С земными поклонами, пятясь спиной к выходу, выкатился из шатра Нестеров. Келецкий вышел за ним, дал приказ накормить нового члена свиты и обращаться с ним хорошо.
А Гагарин, усталый от допроса и пережитых волнений, вытянулся на своей тахте, снова раскурил полупотухшую трубку и замечтался о неожиданной находке, о дивном рубине, который посылает ему судьба при самом вступлении в обладание Сибирью. Конечно, он и не подумает отослать камня Петру, если только рубин попадёт в его руки.
«Это — доброе предвещание на пороге новой жизни!» — подумал он, потягиваясь на своём мягком, тёплом ложе, поправил подушки, лежащие под головой, затих и стал прислушиваться к журчанью и плеску быстрых волн, ударяющих о бока барки, к лёгкому свисту и шуму ветра в снастях мачты, на которой был поднят парус, благо ветер попутный, в корму... И прислушиваясь к этим звукам, убаюканный ими, князь заснул. Келецкий, осторожно заглянувший минут через десять в шатёр, увидел сомкнутые глаза, услышал глубокое, ровное дыхание, осторожно опустил полу шатра и приказал окружающим:
— Же б было тихо! Князь почивать изволит!..
И до того полный порядок и спокойствие царили на барке, а теперь совсем замерли, притихли люди. Даже здоровяк-лоцман у рулевого штыря стал осторожнее двигать тяжёлое скрипучее правило... Только шум ветра и плеск воды о борты судна по-прежнему нарушали тишину, баюкая задремавшего вельможу.
А Келецкий, оглянувшись, видя, что всё в порядке, прошёл в жилое помещение барки, защищённое от ветра и непогоды и тоже богато убранное сукном и коврами. Здесь сидели у небольшого окошечка, затянутого слюдою, две женщины, единственные во всей ближней свите Гагарина: его экономка, панна Анельця Ционглинская, стройная, полная женщина среднего роста, лет двадцати двух с белой кожей, с нежным румянцем на щеках. Две тяжёлых косы каштанового цвета спускались по спине. Лицо её нельзя было назвать правильно красивым, черты его были не совсем соразмерны и слишком крупны для женщины. Но общее выражение затаённой страсти, веселья и игривой ласки постоянно лежало на этом лице, крылось в уголках полного, пунцового рта, искрилось в больших, слегка навыкате, тёмно-синих глазах, зрачки которых, расширяясь в минуты оживления или страсти, делали их совсем чёрными... И это выражение, эта затаённая чувственность и женственная покорность, написанная на лице, влекли к панне Анельце мужчин больше, чем влечёт холодная красота других женщин. Сейчас экономка, а вернее, одна из постоянных наложниц князя, что-то плела тонким крючком слоновой кости.
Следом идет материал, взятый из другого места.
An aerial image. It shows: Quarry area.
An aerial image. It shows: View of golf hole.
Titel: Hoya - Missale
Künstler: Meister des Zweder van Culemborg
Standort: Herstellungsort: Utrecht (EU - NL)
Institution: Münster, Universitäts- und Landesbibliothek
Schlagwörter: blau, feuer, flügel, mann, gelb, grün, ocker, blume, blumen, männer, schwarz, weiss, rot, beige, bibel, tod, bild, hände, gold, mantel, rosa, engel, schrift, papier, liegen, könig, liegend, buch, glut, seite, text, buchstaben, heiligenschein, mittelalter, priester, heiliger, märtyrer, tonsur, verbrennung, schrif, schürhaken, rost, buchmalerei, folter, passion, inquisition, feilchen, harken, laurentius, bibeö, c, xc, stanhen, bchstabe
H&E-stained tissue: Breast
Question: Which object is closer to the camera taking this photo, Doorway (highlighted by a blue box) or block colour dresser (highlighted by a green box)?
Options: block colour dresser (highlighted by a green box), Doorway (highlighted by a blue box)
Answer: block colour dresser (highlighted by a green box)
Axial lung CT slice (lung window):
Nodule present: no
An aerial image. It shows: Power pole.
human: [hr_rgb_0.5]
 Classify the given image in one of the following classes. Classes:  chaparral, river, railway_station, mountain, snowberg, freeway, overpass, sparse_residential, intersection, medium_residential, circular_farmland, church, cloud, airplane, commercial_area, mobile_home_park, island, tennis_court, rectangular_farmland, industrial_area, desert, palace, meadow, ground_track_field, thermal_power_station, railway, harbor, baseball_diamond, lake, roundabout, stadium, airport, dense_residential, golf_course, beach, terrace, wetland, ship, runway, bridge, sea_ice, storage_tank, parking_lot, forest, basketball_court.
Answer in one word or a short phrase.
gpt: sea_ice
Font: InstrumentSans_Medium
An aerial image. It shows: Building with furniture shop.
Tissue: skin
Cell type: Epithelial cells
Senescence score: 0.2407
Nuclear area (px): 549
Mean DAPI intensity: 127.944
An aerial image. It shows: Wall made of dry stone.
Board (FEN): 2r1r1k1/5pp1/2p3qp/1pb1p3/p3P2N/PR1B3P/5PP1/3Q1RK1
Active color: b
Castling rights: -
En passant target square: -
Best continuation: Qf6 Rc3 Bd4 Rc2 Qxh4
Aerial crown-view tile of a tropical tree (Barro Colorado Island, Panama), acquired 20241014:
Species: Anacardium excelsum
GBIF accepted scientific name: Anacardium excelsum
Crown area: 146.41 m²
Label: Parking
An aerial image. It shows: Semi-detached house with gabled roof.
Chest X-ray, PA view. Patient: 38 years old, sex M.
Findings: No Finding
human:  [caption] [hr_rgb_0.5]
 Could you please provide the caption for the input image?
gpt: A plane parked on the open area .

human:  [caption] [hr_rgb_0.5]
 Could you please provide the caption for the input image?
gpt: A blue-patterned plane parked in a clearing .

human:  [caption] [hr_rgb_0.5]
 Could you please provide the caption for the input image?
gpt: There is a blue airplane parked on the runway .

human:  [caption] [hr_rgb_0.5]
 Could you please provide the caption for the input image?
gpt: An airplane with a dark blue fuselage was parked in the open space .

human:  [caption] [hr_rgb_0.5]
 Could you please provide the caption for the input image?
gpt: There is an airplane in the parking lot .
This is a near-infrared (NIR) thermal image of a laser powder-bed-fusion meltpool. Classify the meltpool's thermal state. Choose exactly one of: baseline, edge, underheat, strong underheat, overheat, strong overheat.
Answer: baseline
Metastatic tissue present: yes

Напротив неё, по другую сторону небольшого столика, покрытого тяжёлой шёлковой скатертью, сидела вторая фаворитка, француженка — лектриса, как она числилась по штату, мадемуазель Алина Дюкло, и, гадая заграничными, красиво разрисованными картами, раскидывала их на всякие лады, складывала из них разные решётки, колёса, подобия ромбов, шестиугольников и других математических фигур, беспрерывно считая, пересчитывая карты и нашёптывая какие-то таинственные слова, похожие на заклинания.
Полька с большим интересом следила за действиями своей подруги, с которой жила очень мирно, как мирно порою уживаются в гареме разные жёны одного паши.
Как и можно было ожидать от избалованного, причудливого во всём, сластолюбивого князя, его лектриса представляла полную противоположность панне Анельце, экономке.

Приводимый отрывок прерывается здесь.